When I view this data with NoSQLBooster (or anything else) the data is represented like so:

{
    "_id" : ObjectId("5d71263eae9a187374359927"),
    "files_id" : ObjectId("5d71263eae9a187374359926"),
    "n" : 0,
    "data" : BinData(0,"/9j/4AAQSkZJRgABAQEASABIAAD/4V6T...  more 261096 bytes - image/jpeg")
},

And knowing that the second part of the tuple in BinData of the "data" field contains base64 encoding, I'm confused at which point the raw bytes given by open(<IMAGE_FILE>, 'rb') becomes encoded with base64?

So further more, being that base64 encoding is 33% - 37% larger in its size, in regards of transferring that data - this is bad, how can I choose the encoding? At least stop it from using base64...

I have found this SO question which mentions a HexData data type.

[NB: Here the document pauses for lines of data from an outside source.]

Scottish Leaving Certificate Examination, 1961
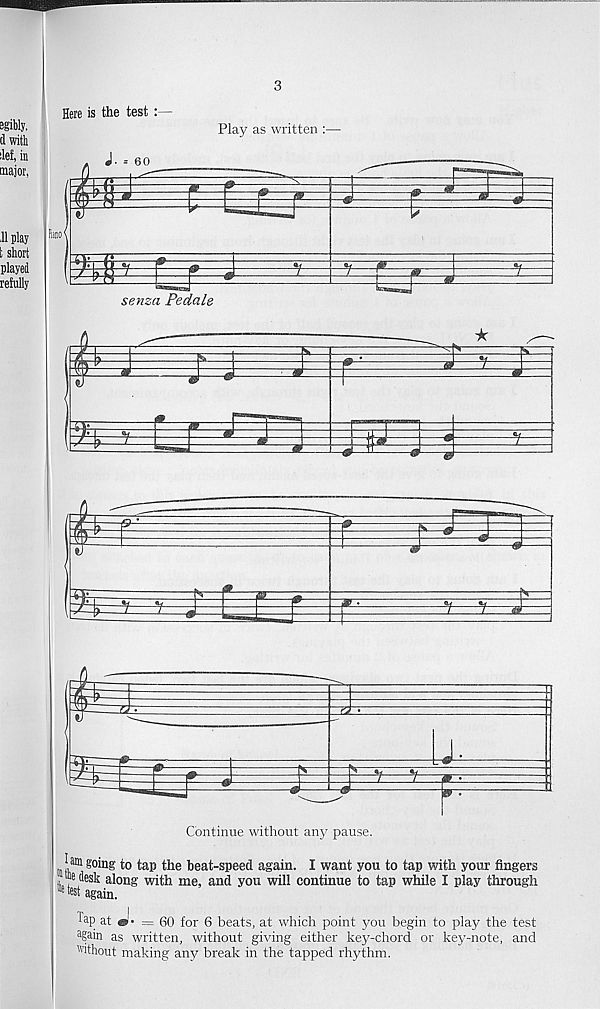
3
Here is the test
Play as written :—
am §'oing to tap the beat-speed again. I want you to tap with your fingers
,17 “ es k along with me, and you will continue to tap while I play through
11
again.
Tap at »'• = 60 for 6 beats, at which point you begin to play the test
a f>ain as written, without giving either key-chord or key-note, and
without making any break in the tapped rhythm.
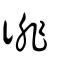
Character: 徘
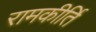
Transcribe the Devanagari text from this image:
रामकीर्ति
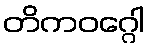
တိကဝဂ္ဂေါ
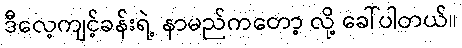
ဒီလေ့ကျင့်ခန်းရဲ့ နာမည်ကတော့ လို့ ခေါ်ပါတယ်။
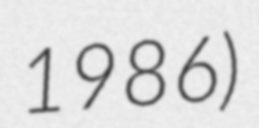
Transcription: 1986)
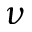
\nu
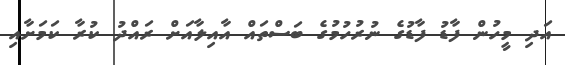
އަދި މީހުން ފާޑު ފާޑުގެ ނުރުހުމުގެ ބަސްތައް އާއިލާއަށް ރައްދު ކުރާ ކަމަށާއި
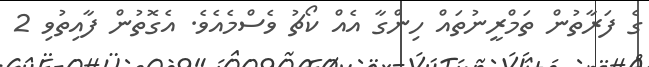
ގެ ފަރާތުން ތަމްރީނުތައް ހިންގާ އެއް ކޯޗު ވެސްމެއެވެ. އެގޮތުން ފާއިތުވި 2
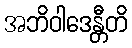
အဘိဝါဒေန္တီတိ

I also found others mentioning subtypes aswell, which led me to find this about BSON data types.

Binary
Canonical Relaxed
{ "$binary":
   {
      "base64": "<payload>",
      "subtype": "<t>"
   }
}
<Same as Canonical>
Where the values are as follows:
"<payload>"
Base64 encoded (with padding as “=”) payload string.
"<t>"
A one- or two-character hex string that corresponds to a BSON binary subtype. See the extended bson documentation

http://bsonspec.org/spec.html for subtypes available.

Which clearly tells us the payload will be base64!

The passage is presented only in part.